The Social Security Answer Book



Every other week there seems to be another piece in the financial press extolling the virtues of waiting until age 70 to begin taking your Social Security benefits. This recent article from Forbes magazine is but the most recent example of this genre.

All of these articles seem to ignore the fact that you don't need to delay taking Social Security until age 70 to get the maximum benefit. While the Forbes article focuses on the joint mortality anomaly that gives a slight advantage to delaying SS to age 70 if you have long-lived genes, they only mention the Withdrawal of Application strategy in passing in the next to last paragraph of the article. You can begin collecting Social Security at age 62, save and invest your monthly check, and then file a Withdrawal of Application (SSA-521) at age 70 and get the same maximum benefit you would have collected had you waited until age 70. The only catch is that you must repay all the Social Security benefits you've collected from age 62 to 70 when you file the Withdrawal of Application, but you won't be charged any back interest on the amount repaid and you get to keep any investment gains. The IRS even allows you to take either a tax credit or tax deduction to recapture any Federal income taxes you've paid on your Social Security benefit. The Withdrawal of Application process was discussed in the September/October 2007 update to the Retire Early site.

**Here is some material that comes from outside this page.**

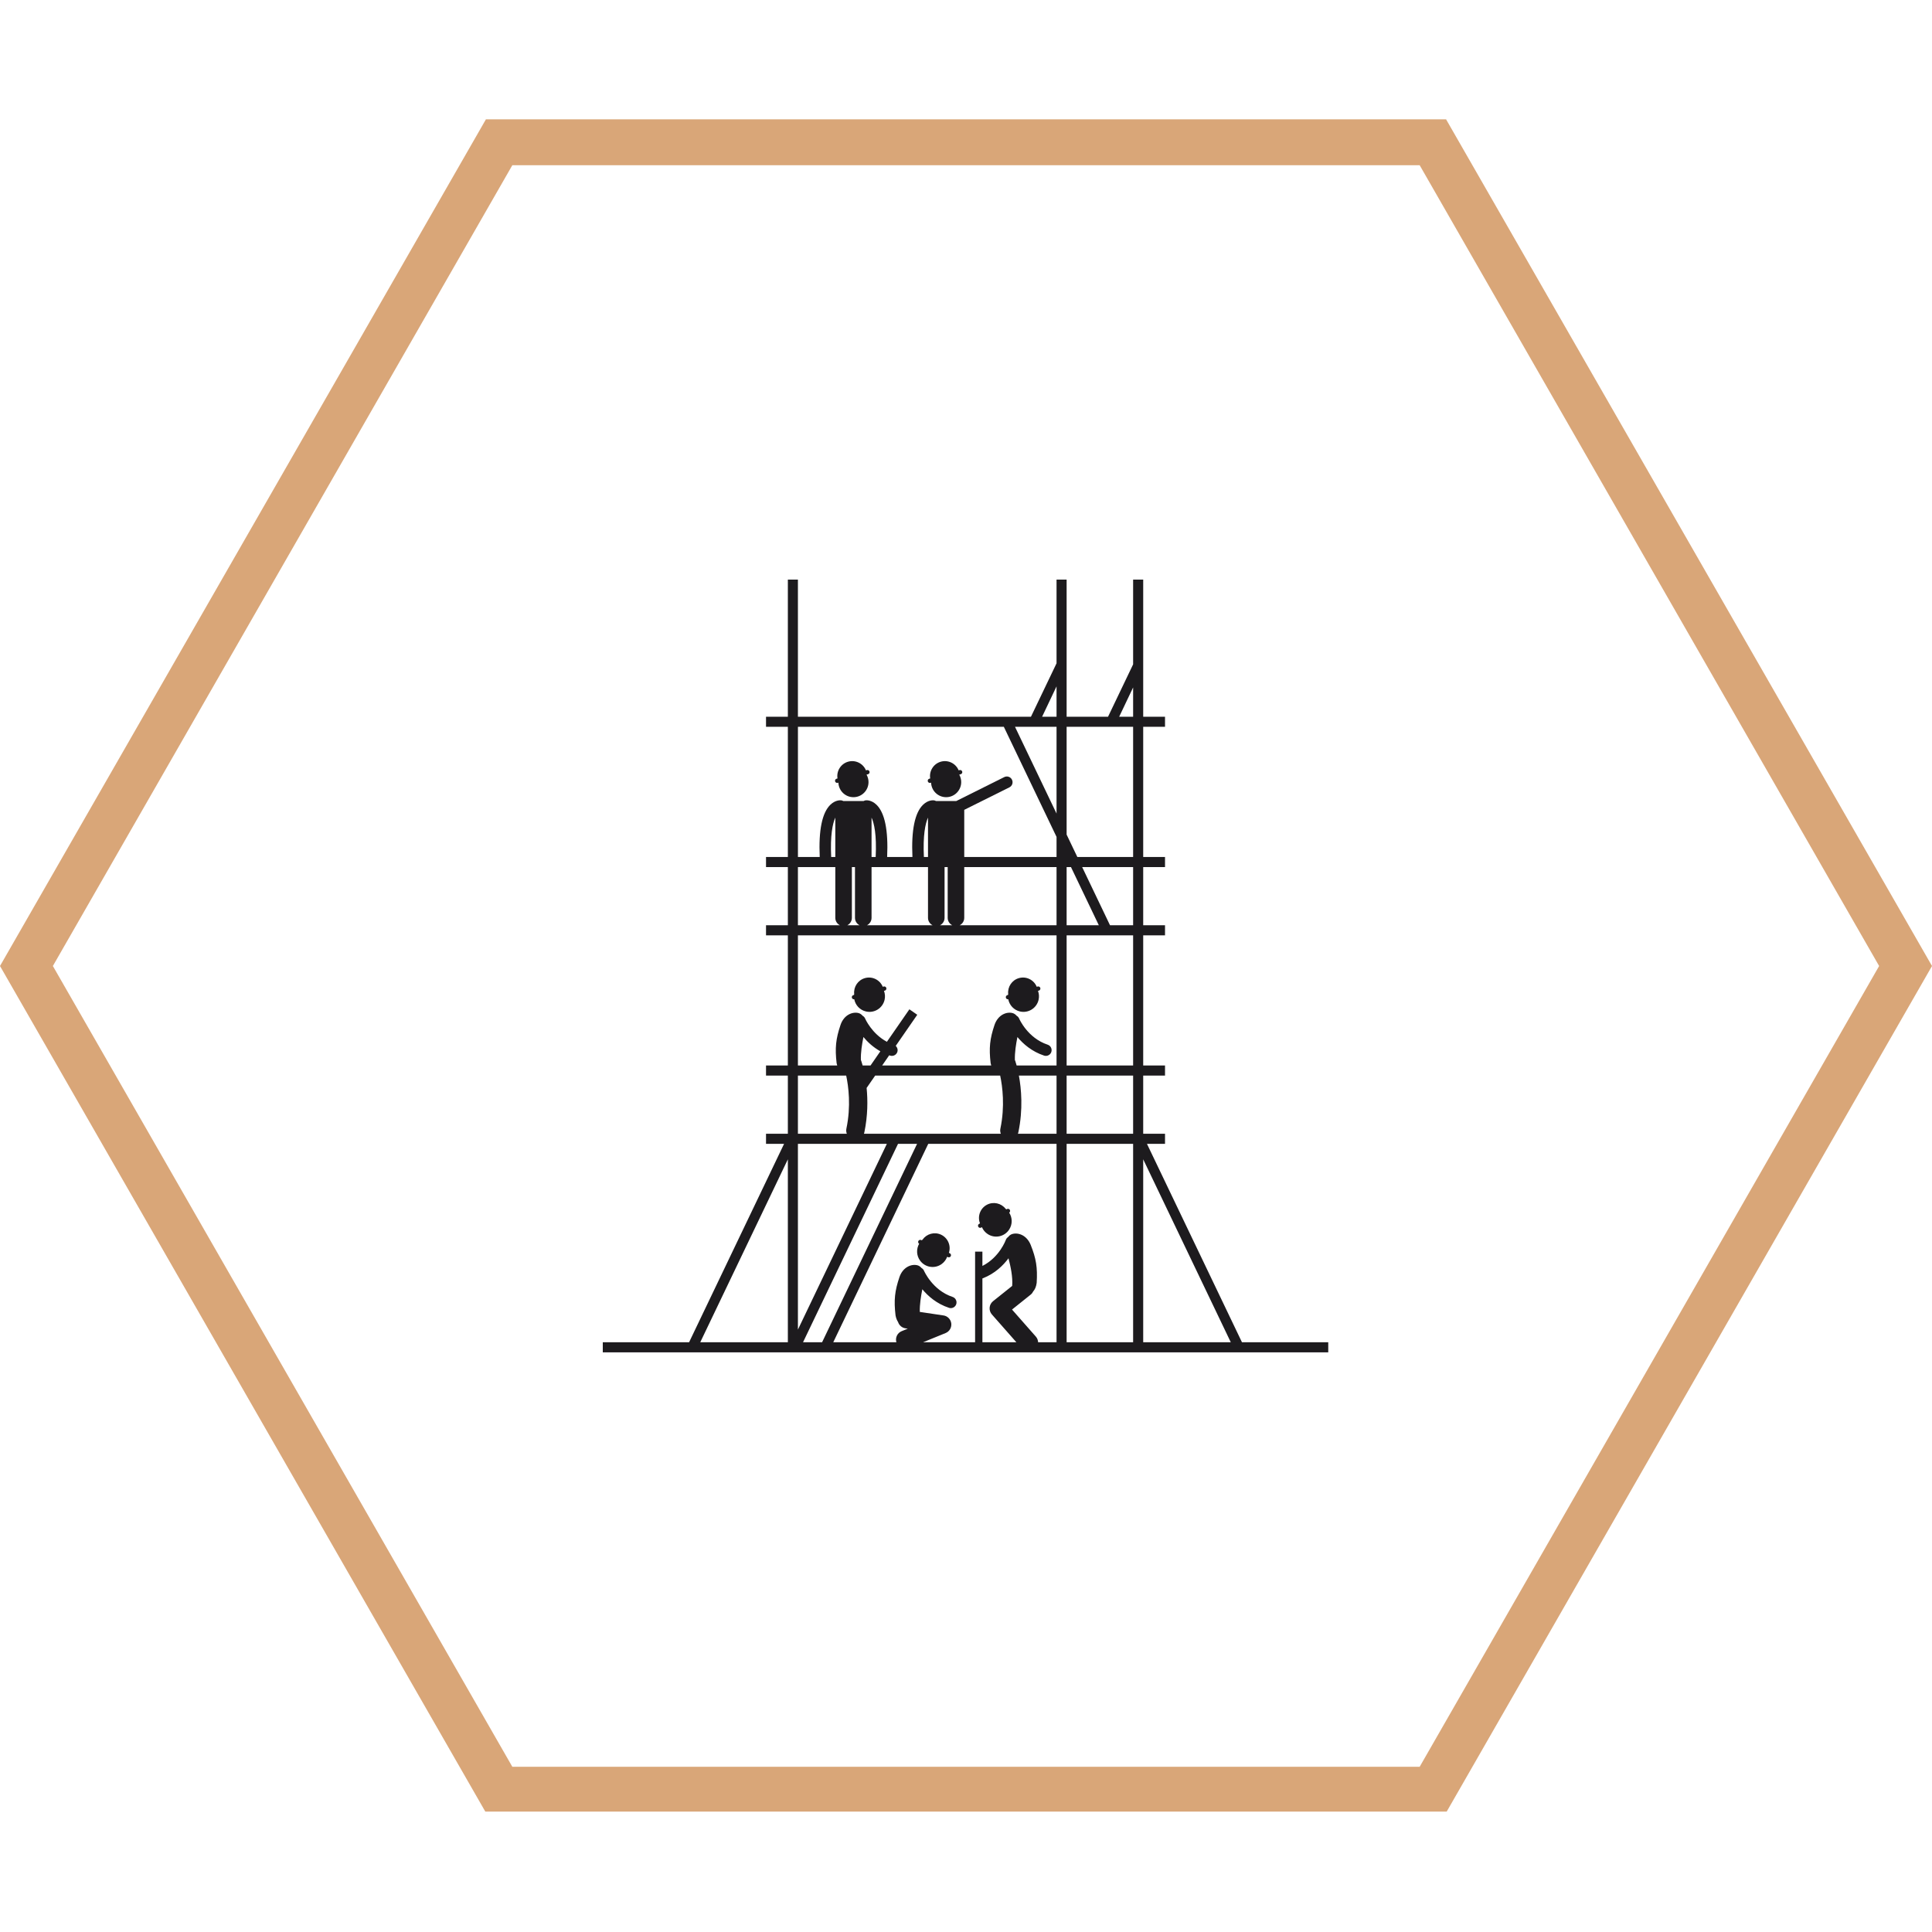<svg xmlns="http://www.w3.org/2000/svg" xmlns:xlink="http://www.w3.org/1999/xlink" width="500" zoomAndPan="magnify" viewBox="0 0 375 375" height="500" preserveAspectRatio="xMidYMid meet" version="1.0"><defs><clipPath id="0747f9bb01"><path d="M 0 23.164 L 375 23.164 L 375 352 L 0 352 Z M 0 23.164 " clip-rule="nonzero"/></clipPath><clipPath id="f4c8bfecde"><path d="M 280.684 23.164 L 94.316 23.164 L 0 187.5 L 94.316 351.836 L 280.684 351.836 L 375 187.5 L 280.684 23.164 M 275.555 342.934 L 99.445 342.934 L 10.262 187.5 L 99.445 32.066 L 275.555 32.066 L 364.738 187.5 L 275.555 342.934 " clip-rule="nonzero"/></clipPath><clipPath id="bb8154b029"><path d="M 117 112.5 L 257.906 112.5 L 257.906 262.5 L 117 262.5 Z M 117 112.5 " clip-rule="nonzero"/></clipPath></defs><g clip-path="url(#0747f9bb01)"><g clip-path="url(#f4c8bfecde)"><path fill="#d9a678" d="M 0 23.164 L 375.25 23.164 L 375.25 351.633 L 0 351.633 Z M 0 23.164 " fill-opacity="1" fill-rule="nonzero"/></g></g><g clip-path="url(#bb8154b029)"><path fill="#1d1b1e" d="M 117 260.535 L 117 262.492 L 257.812 262.492 L 257.812 260.535 L 241.066 260.535 L 222.625 222.02 L 226.129 222.02 L 226.129 220.062 L 221.895 220.062 L 221.895 208.77 L 226.129 208.77 L 226.129 206.812 L 221.895 206.812 L 221.895 181.547 L 226.129 181.547 L 226.129 179.59 L 221.895 179.59 L 221.895 168.297 L 226.129 168.297 L 226.129 166.336 L 221.895 166.336 L 221.895 141.074 L 226.129 141.074 L 226.129 139.117 L 221.895 139.117 L 221.895 112.5 L 219.938 112.5 L 219.938 128.949 L 215.07 139.117 L 207.031 139.117 L 207.031 112.5 L 205.074 112.5 L 205.074 128.746 L 200.109 139.117 L 154.875 139.117 L 154.875 112.5 L 152.922 112.5 L 152.922 139.117 L 148.684 139.117 L 148.684 141.074 L 152.922 141.074 L 152.922 166.34 L 148.684 166.34 L 148.684 168.297 L 152.922 168.297 L 152.922 179.59 L 148.684 179.59 L 148.684 181.547 L 152.922 181.547 L 152.922 206.812 L 148.684 206.812 L 148.684 208.77 L 152.922 208.77 L 152.922 220.062 L 148.684 220.062 L 148.684 222.02 L 152.188 222.02 L 133.75 260.535 Z M 221.895 225.023 L 238.895 260.535 L 221.895 260.535 Z M 219.938 179.59 L 215.453 179.59 L 210.047 168.297 L 219.938 168.297 Z M 219.938 133.43 L 219.938 139.117 L 217.234 139.117 Z M 207.031 141.074 L 219.938 141.074 L 219.938 166.336 L 209.109 166.336 L 207.031 161.996 Z M 207.031 168.297 L 207.875 168.297 L 213.281 179.59 L 207.031 179.59 Z M 207.031 181.547 L 219.938 181.547 L 219.938 206.812 L 207.031 206.812 Z M 207.031 208.77 L 219.938 208.77 L 219.938 220.062 L 207.031 220.062 Z M 207.031 222.02 L 219.938 222.02 L 219.938 260.535 L 207.031 260.535 Z M 155.867 260.535 L 174.305 222.02 L 178.004 222.02 L 159.566 260.535 Z M 167.77 219.793 C 168.449 216.527 168.445 213.535 168.211 211.168 L 169.871 208.77 L 194.133 208.77 C 194.578 210.871 195.082 214.719 194.176 219.062 C 194.102 219.41 194.137 219.754 194.258 220.062 L 178.961 220.062 L 178.945 220.055 L 178.941 220.062 L 173.094 220.062 L 173.078 220.055 L 173.074 220.062 L 167.688 220.062 C 167.719 219.977 167.75 219.887 167.77 219.793 Z M 167.438 206.812 C 167.293 206.281 167.188 205.965 167.168 205.91 C 167.148 205.859 167.121 205.812 167.098 205.762 C 167.051 204.258 167.316 202.668 167.59 201.285 C 168.375 202.234 169.457 203.258 170.875 204.055 L 168.969 206.812 Z M 190.684 260.535 L 190.684 248.141 C 190.715 248.133 190.746 248.125 190.777 248.113 C 193.125 247.191 194.719 245.621 195.75 244.23 C 196.168 245.879 196.598 247.832 196.465 249.594 L 192.75 252.562 C 192.371 252.867 192.129 253.316 192.086 253.801 C 192.047 254.289 192.203 254.77 192.527 255.137 L 197.281 260.535 Z M 205.074 260.535 L 201.496 260.535 C 201.48 260.145 201.34 259.754 201.062 259.438 L 196.434 254.184 L 200.055 251.285 C 200.27 251.113 200.43 250.902 200.543 250.668 C 200.867 250.297 201.117 249.77 201.219 249.012 C 201.402 246.023 201.113 244.277 200.055 241.629 C 199.277 239.711 197.59 239.18 196.465 239.527 C 196.145 239.625 195.883 239.832 195.68 240.105 C 195.477 240.234 195.312 240.426 195.227 240.672 C 195.211 240.707 194.004 244.043 190.684 245.719 L 190.684 242.941 L 189.266 242.941 L 189.266 247.012 C 189.262 247.043 189.266 247.078 189.266 247.109 L 189.266 260.535 L 179.156 260.535 L 183.547 258.742 C 184.289 258.438 184.734 257.676 184.641 256.879 C 184.543 256.082 183.93 255.445 183.137 255.328 L 178.531 254.641 C 178.496 253.16 178.758 251.602 179.023 250.242 C 180.129 251.578 181.809 253.059 184.199 253.848 C 184.316 253.887 184.434 253.906 184.551 253.906 C 185.016 253.906 185.449 253.609 185.605 253.141 C 185.797 252.559 185.48 251.926 184.898 251.734 C 180.996 250.441 179.379 246.715 179.352 246.66 C 179.254 246.418 179.078 246.238 178.871 246.121 C 178.652 245.859 178.379 245.668 178.055 245.586 C 176.91 245.301 175.258 245.922 174.582 247.883 C 173.672 250.586 173.477 252.344 173.824 255.32 C 173.926 255.855 174.098 256.273 174.312 256.598 C 174.512 257.227 175.047 257.719 175.742 257.824 L 176.199 257.895 L 175.012 258.379 C 174.16 258.727 173.73 259.668 173.988 260.535 L 161.734 260.535 L 180.172 222.02 L 205.074 222.02 Z M 205.074 220.062 L 197.578 220.062 C 197.609 219.977 197.641 219.887 197.66 219.793 C 198.602 215.293 198.234 211.305 197.766 208.77 L 205.074 208.77 Z M 205.074 179.59 L 186.273 179.59 C 186.797 179.324 187.16 178.785 187.16 178.156 L 187.16 168.297 L 205.074 168.297 Z M 205.074 133.223 L 205.074 139.117 L 202.273 139.117 Z M 205.074 141.074 L 205.074 157.91 L 197.012 141.074 Z M 154.875 141.074 L 194.844 141.074 L 205.074 162.441 L 205.074 166.336 L 187.16 166.336 L 187.16 157.191 L 195.922 152.824 C 196.473 152.551 196.695 151.883 196.422 151.332 C 196.148 150.781 195.48 150.559 194.93 150.832 L 185.656 155.457 C 185.645 155.461 185.637 155.469 185.625 155.477 L 181.668 155.477 C 181.543 155.406 181.406 155.363 181.262 155.344 C 181.082 155.324 180.145 155.273 179.188 156.18 C 177.562 157.727 176.863 161.145 177.102 166.336 L 172.195 166.336 C 172.434 161.145 171.734 157.727 170.105 156.18 C 169.152 155.273 168.211 155.324 168.035 155.344 C 167.887 155.363 167.75 155.406 167.629 155.477 L 163.676 155.477 C 163.551 155.406 163.414 155.363 163.27 155.344 C 163.09 155.324 162.152 155.273 161.195 156.18 C 159.57 157.727 158.871 161.145 159.109 166.336 L 154.879 166.336 L 154.879 141.074 Z M 184.836 179.59 L 182.453 179.59 C 182.977 179.324 183.34 178.785 183.34 178.156 L 183.34 168.297 L 183.945 168.297 L 183.945 178.156 C 183.945 178.785 184.309 179.324 184.836 179.59 Z M 180.125 168.297 L 180.125 178.156 C 180.125 178.785 180.488 179.324 181.016 179.59 L 168.277 179.59 C 168.805 179.324 169.168 178.785 169.168 178.156 L 169.168 168.297 Z M 169.168 166.336 L 169.168 158.695 C 169.672 159.797 170.18 161.996 169.969 166.336 Z M 180.125 158.688 L 180.125 166.336 L 179.328 166.336 C 179.125 162.176 179.594 159.875 180.125 158.688 Z M 166.844 179.59 L 164.461 179.59 C 164.984 179.324 165.348 178.785 165.348 178.156 L 165.348 168.297 L 165.953 168.297 L 165.953 178.156 C 165.953 178.785 166.316 179.324 166.844 179.59 Z M 162.133 158.688 L 162.133 166.336 L 161.332 166.336 C 161.133 162.176 161.598 159.875 162.133 158.688 Z M 154.875 168.297 L 162.133 168.297 L 162.133 178.156 C 162.133 178.785 162.496 179.324 163.023 179.59 L 154.875 179.59 Z M 154.875 181.547 L 205.074 181.547 L 205.074 206.812 L 197.328 206.812 C 197.184 206.281 197.078 205.965 197.059 205.91 C 197.039 205.859 197.012 205.812 196.988 205.762 C 196.941 204.258 197.207 202.668 197.48 201.285 C 198.586 202.617 200.266 204.098 202.656 204.891 C 202.773 204.93 202.891 204.945 203.008 204.945 C 203.473 204.945 203.906 204.648 204.062 204.184 C 204.254 203.598 203.938 202.969 203.355 202.773 C 199.453 201.484 197.836 197.758 197.812 197.699 C 197.711 197.461 197.535 197.277 197.328 197.16 C 197.109 196.902 196.836 196.711 196.512 196.629 C 195.367 196.344 193.715 196.965 193.039 198.926 C 192.129 201.625 191.934 203.387 192.281 206.359 C 192.312 206.523 192.352 206.668 192.395 206.809 L 171.227 206.809 L 172.598 204.828 C 172.652 204.848 172.707 204.871 172.766 204.891 C 172.883 204.93 173 204.945 173.117 204.945 C 173.582 204.945 174.016 204.648 174.172 204.184 C 174.312 203.75 174.176 203.293 173.859 203.008 L 178.039 196.965 L 176.512 195.906 L 172.148 202.211 C 169.195 200.633 167.941 197.75 167.918 197.699 C 167.82 197.461 167.645 197.281 167.438 197.164 C 167.219 196.902 166.945 196.711 166.621 196.629 C 165.477 196.344 163.82 196.965 163.148 198.926 C 162.238 201.625 162.043 203.387 162.387 206.359 C 162.422 206.523 162.461 206.668 162.504 206.812 L 154.875 206.812 Z M 154.875 208.77 L 164.246 208.77 C 164.691 210.859 165.199 214.691 164.285 219.062 C 164.211 219.41 164.25 219.754 164.367 220.062 L 154.875 220.062 Z M 154.875 222.02 L 172.137 222.02 L 154.875 258.074 Z M 152.922 225.023 L 152.922 260.535 L 135.918 260.535 Z M 152.922 225.023 " fill-opacity="1" fill-rule="nonzero"/></g><path fill="#1d1b1e" d="M 162.605 151.949 L 162.73 151.91 C 162.789 153.48 164.07 154.734 165.652 154.734 C 167.266 154.734 168.578 153.422 168.578 151.801 C 168.578 151.277 168.438 150.785 168.195 150.355 L 168.488 150.273 C 168.707 150.211 168.836 149.98 168.773 149.762 C 168.711 149.539 168.48 149.41 168.262 149.473 L 168.082 149.523 C 167.531 148.184 166.047 147.438 164.621 147.844 C 163.191 148.25 162.324 149.664 162.559 151.098 L 162.379 151.148 C 162.16 151.211 162.031 151.441 162.094 151.66 C 162.156 151.883 162.387 152.012 162.605 151.949 Z M 162.605 151.949 " fill-opacity="1" fill-rule="nonzero"/><path fill="#1d1b1e" d="M 180.598 151.949 L 180.723 151.91 C 180.781 153.48 182.062 154.734 183.645 154.734 C 185.262 154.734 186.57 153.422 186.57 151.801 C 186.57 151.277 186.43 150.785 186.188 150.355 L 186.48 150.273 C 186.699 150.211 186.828 149.98 186.766 149.762 C 186.703 149.539 186.473 149.41 186.254 149.473 L 186.074 149.523 C 185.523 148.184 184.039 147.438 182.613 147.844 C 181.184 148.25 180.316 149.664 180.551 151.098 L 180.371 151.148 C 180.152 151.211 180.023 151.441 180.086 151.66 C 180.148 151.883 180.379 152.012 180.598 151.949 Z M 180.598 151.949 " fill-opacity="1" fill-rule="nonzero"/><path fill="#1d1b1e" d="M 195.703 193.957 C 195.922 195.09 196.777 196.047 197.973 196.324 C 199.59 196.703 201.207 195.695 201.586 194.074 C 201.727 193.469 201.676 192.867 201.473 192.328 L 201.637 192.281 C 201.859 192.219 201.988 191.988 201.926 191.766 C 201.863 191.547 201.633 191.418 201.41 191.48 L 201.23 191.531 C 200.68 190.188 199.199 189.445 197.77 189.852 C 196.402 190.242 195.551 191.551 195.688 192.922 C 195.676 192.984 195.668 193.051 195.664 193.117 L 195.527 193.152 C 195.309 193.215 195.18 193.449 195.242 193.668 C 195.301 193.871 195.5 193.988 195.703 193.957 Z M 195.703 193.957 " fill-opacity="1" fill-rule="nonzero"/><path fill="#1d1b1e" d="M 190.441 238.277 L 190.594 238.195 C 190.82 238.727 191.199 239.199 191.719 239.535 C 193.109 240.445 194.973 240.051 195.879 238.656 C 196.551 237.629 196.508 236.344 195.883 235.375 C 196.051 235.258 196.113 235.035 196.016 234.848 C 195.91 234.645 195.656 234.57 195.453 234.676 L 195.332 234.742 C 195.281 234.699 195.23 234.656 195.18 234.617 C 194.332 233.535 192.809 233.18 191.555 233.844 C 190.242 234.543 189.688 236.105 190.215 237.457 L 190.051 237.543 C 189.848 237.652 189.77 237.902 189.879 238.105 C 189.984 238.309 190.238 238.387 190.441 238.277 Z M 190.441 238.277 " fill-opacity="1" fill-rule="nonzero"/><path fill="#1d1b1e" d="M 179.066 240.613 C 179.02 240.656 178.969 240.703 178.922 240.746 L 178.797 240.688 C 178.59 240.594 178.34 240.684 178.246 240.891 C 178.156 241.082 178.234 241.301 178.406 241.41 C 177.836 242.414 177.863 243.699 178.59 244.688 C 179.57 246.031 181.453 246.32 182.793 245.336 C 183.293 244.969 183.645 244.48 183.844 243.938 L 184 244.012 C 184.207 244.105 184.457 244.016 184.551 243.809 C 184.648 243.602 184.555 243.352 184.348 243.254 L 184.18 243.176 C 184.633 241.801 183.992 240.27 182.645 239.645 C 181.355 239.051 179.855 239.488 179.066 240.613 Z M 179.066 240.613 " fill-opacity="1" fill-rule="nonzero"/><path fill="#1d1b1e" d="M 165.812 193.957 C 166.027 195.09 166.887 196.047 168.082 196.324 C 169.699 196.703 171.316 195.695 171.695 194.074 C 171.836 193.469 171.785 192.867 171.578 192.328 L 171.746 192.281 C 171.969 192.219 172.094 191.988 172.035 191.766 C 171.973 191.547 171.738 191.418 171.52 191.48 L 171.34 191.531 C 170.789 190.188 169.309 189.445 167.879 189.852 C 166.512 190.242 165.66 191.555 165.797 192.922 C 165.785 192.984 165.777 193.051 165.773 193.117 L 165.637 193.152 C 165.418 193.215 165.289 193.449 165.352 193.668 C 165.41 193.871 165.609 193.988 165.812 193.957 Z M 165.812 193.957 " fill-opacity="1" fill-rule="nonzero"/></svg>

Of course, the biggest problem with waiting until age 70 to begin taking Social Security benefits is that you might die before then. The 2003 IRS mortality table estimates that more than 7% of 62-year-olds will be dead by age 70. A 62-year-old retiree with the maximum Social Security benefit who started drawing Social Security in 2000 would have collected over $103,000 in benefits (net of income taxes) by the end of 2007. If those eight years of monthly checks were invested conservatively at a 5% pre-tax return, he'd have more than $17,000 in after-tax investment gains for a total account value of more than $120,000.

Is it worth it to delay Social Security until age 70 for the higher spousal survivor benefit?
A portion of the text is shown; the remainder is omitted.